Agents editing the same files simultaneously will corrupt
each other's work:
# Use git worktrees for code tasks
send to "setup": git worktree add /tmp/agent-auth feature/auth
send to "setup": git worktree add /tmp/agent-api feature/api
create session "agent-auth", cwd: /tmp/agent-auth
create session "agent-api", cwd: /tmp/agent-api
Or use separate branches, separate directories, or
separate repositories. The key principle: agents that
might touch the same files must not run in parallel
without isolation.
Passing Results Between Agents
Agents can't talk to each other directly. Use the
filesystem as the communication channel:
# Agent 1 produces an artifact
agent-1 writes to /tmp/api-spec.json
# You read it and feed it to Agent 2
read /tmp/api-spec.json
send to agent-2: Implement the client based on the
API spec at /tmp/api-spec.json\n
Pitfalls
Don't Over-Parallelize
More agents isn't always better.

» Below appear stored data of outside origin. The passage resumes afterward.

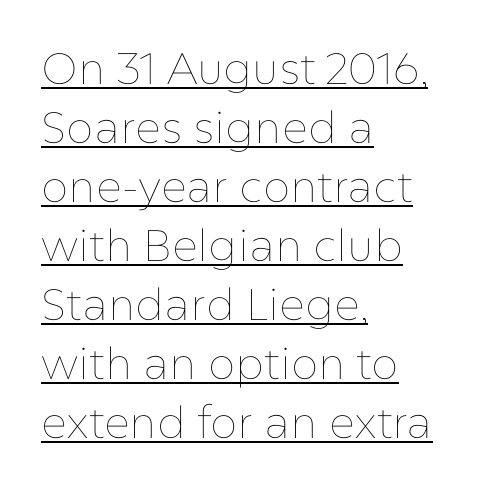
Q: Is the text bold? A: No.
Q: Is the text italic (slanted)? A: No, it is upright.
Q: Is the text underlined? A: Yes.
Q: How is the paragraph aligned? A: Left-aligned.
Q: Is the spacing between letters normal or unusually wide? A: Normal.
Q: Is the spacing between lines tight, normal or loose? A: Normal.
Q: Width (condensed, normal, or wide)? A: Normal.
Q: Stroke contrast? A: Low.
Q: x-height? A: Medium.
Q: Monospaced? A: No.
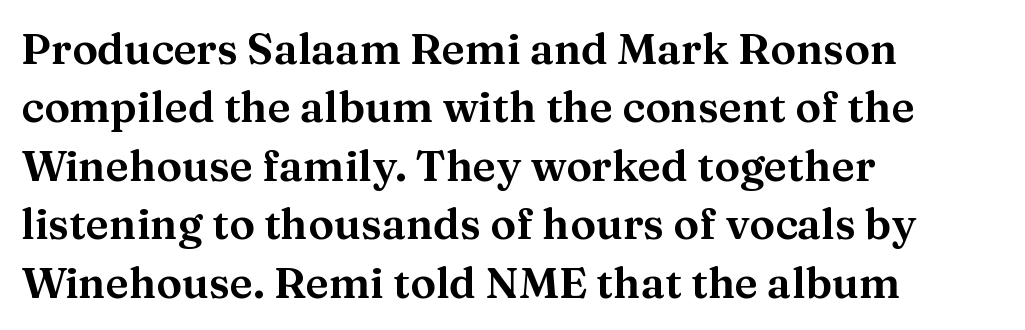
In CSS terms this would be text-align: left. Type without underlining. Nope, not italic — everything's standing straight. Stroke terminals: seriffed. Here the designer chose a conventional face with non-uniform glyph widths.
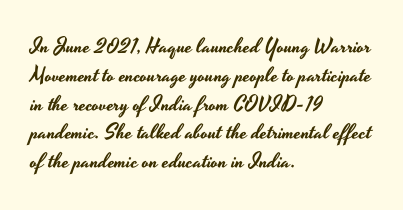
The image shows 21 px text type; set left-aligned, normal line spacing (1.37x), normal letter spacing, not underlined.
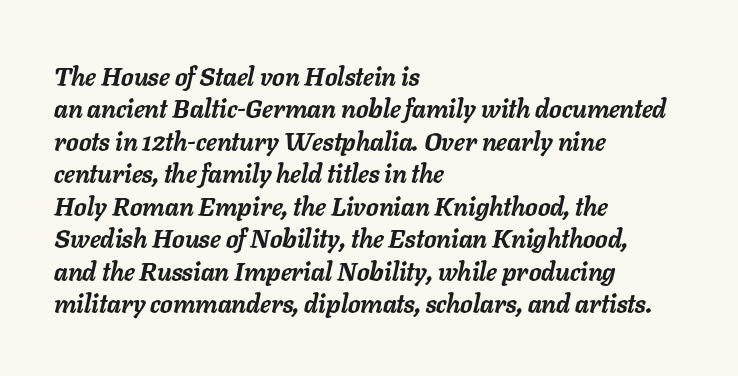
The image shows 25 px bold type, italic (leaning right); set left-aligned, normal line spacing (1.3x), normal letter spacing, not underlined.

Each agent consumes
resources — API rate limits, CPU, memory. And each agent
you run is one more you need to monitor. Start with 2-3
agents and scale up once you're comfortable with the
monitoring rhythm.
Watch for Agents Talking to Each Other Accidentally
If two agents are running in the same git repo without
workspace isolation, one agent's changes (file writes,
branch switches, dependency installs) will affect the
other. This causes bizarre failures that are hard to
diagnose. Always isolate.
Infinite Loops
An agent can get stuck — retrying a failing command,
asking itself a question, or endlessly editing a file.
If you notice an agent producing repetitive output
without progress, intervene:
send: Stop. The current approach isn't working. \
Try a different strategy.\n
If it persists, Ctrl+C and give it a fresh start with
clearer instructions.
Don't Forget Cleanup
Agent sessions with worktrees, temp files, and running
processes leave debris. When the orchestration is done:
- Exit or kill all agent sessions
- Remove worktrees:
git worktree remove /tmp/agent-auth
- Clean up temp files
- Verify the main repo is in a clean state
Know When Not to Orchestrate
If the task requires deep understanding of a complex
system, one focused agent with good context will
outperform three agents with shallow context.
Orchestration works best when tasks are genuinely
independent and well-specified. If tasks are tightly
coupled, work them sequentially in a single session.